» Activity: The number of lines with the string "shows" in the listing below is all that should be reported.

※

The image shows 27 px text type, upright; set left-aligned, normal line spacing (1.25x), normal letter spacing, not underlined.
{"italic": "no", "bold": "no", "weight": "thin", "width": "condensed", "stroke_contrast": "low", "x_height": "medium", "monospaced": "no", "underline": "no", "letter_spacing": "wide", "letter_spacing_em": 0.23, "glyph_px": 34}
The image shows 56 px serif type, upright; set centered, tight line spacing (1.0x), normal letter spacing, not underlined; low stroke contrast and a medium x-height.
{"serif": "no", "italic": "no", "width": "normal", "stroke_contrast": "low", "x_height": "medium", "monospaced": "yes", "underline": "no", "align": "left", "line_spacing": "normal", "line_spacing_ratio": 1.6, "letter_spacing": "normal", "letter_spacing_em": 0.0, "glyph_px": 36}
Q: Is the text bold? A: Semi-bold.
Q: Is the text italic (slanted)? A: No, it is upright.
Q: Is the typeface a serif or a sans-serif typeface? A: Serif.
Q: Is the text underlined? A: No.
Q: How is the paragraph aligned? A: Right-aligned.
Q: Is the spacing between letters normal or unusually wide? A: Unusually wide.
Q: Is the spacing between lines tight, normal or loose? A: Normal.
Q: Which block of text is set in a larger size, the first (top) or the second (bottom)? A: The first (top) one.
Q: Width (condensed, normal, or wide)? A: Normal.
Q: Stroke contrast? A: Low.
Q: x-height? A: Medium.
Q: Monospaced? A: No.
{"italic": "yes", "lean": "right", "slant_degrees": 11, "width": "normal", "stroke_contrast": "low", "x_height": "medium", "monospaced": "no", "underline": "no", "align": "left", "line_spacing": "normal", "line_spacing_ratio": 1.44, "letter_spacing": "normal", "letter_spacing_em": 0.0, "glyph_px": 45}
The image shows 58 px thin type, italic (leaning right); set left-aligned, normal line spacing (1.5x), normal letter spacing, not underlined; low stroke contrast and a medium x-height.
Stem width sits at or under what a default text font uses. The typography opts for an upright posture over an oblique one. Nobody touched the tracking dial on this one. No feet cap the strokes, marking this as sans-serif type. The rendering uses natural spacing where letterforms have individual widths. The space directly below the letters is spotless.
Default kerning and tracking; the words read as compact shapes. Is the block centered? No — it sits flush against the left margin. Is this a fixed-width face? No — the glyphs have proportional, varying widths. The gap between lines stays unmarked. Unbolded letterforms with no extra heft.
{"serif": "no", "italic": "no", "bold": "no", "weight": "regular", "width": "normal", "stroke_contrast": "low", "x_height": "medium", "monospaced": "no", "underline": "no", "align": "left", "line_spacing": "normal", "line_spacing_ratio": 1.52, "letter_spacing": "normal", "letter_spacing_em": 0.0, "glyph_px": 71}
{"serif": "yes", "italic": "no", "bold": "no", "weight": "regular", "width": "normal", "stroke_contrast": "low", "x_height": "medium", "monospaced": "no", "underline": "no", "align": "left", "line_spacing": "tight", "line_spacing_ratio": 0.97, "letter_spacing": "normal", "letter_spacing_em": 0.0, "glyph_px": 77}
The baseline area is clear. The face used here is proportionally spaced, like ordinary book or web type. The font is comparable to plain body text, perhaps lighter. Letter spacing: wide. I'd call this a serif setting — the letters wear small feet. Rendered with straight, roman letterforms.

※

» Expected answer: 3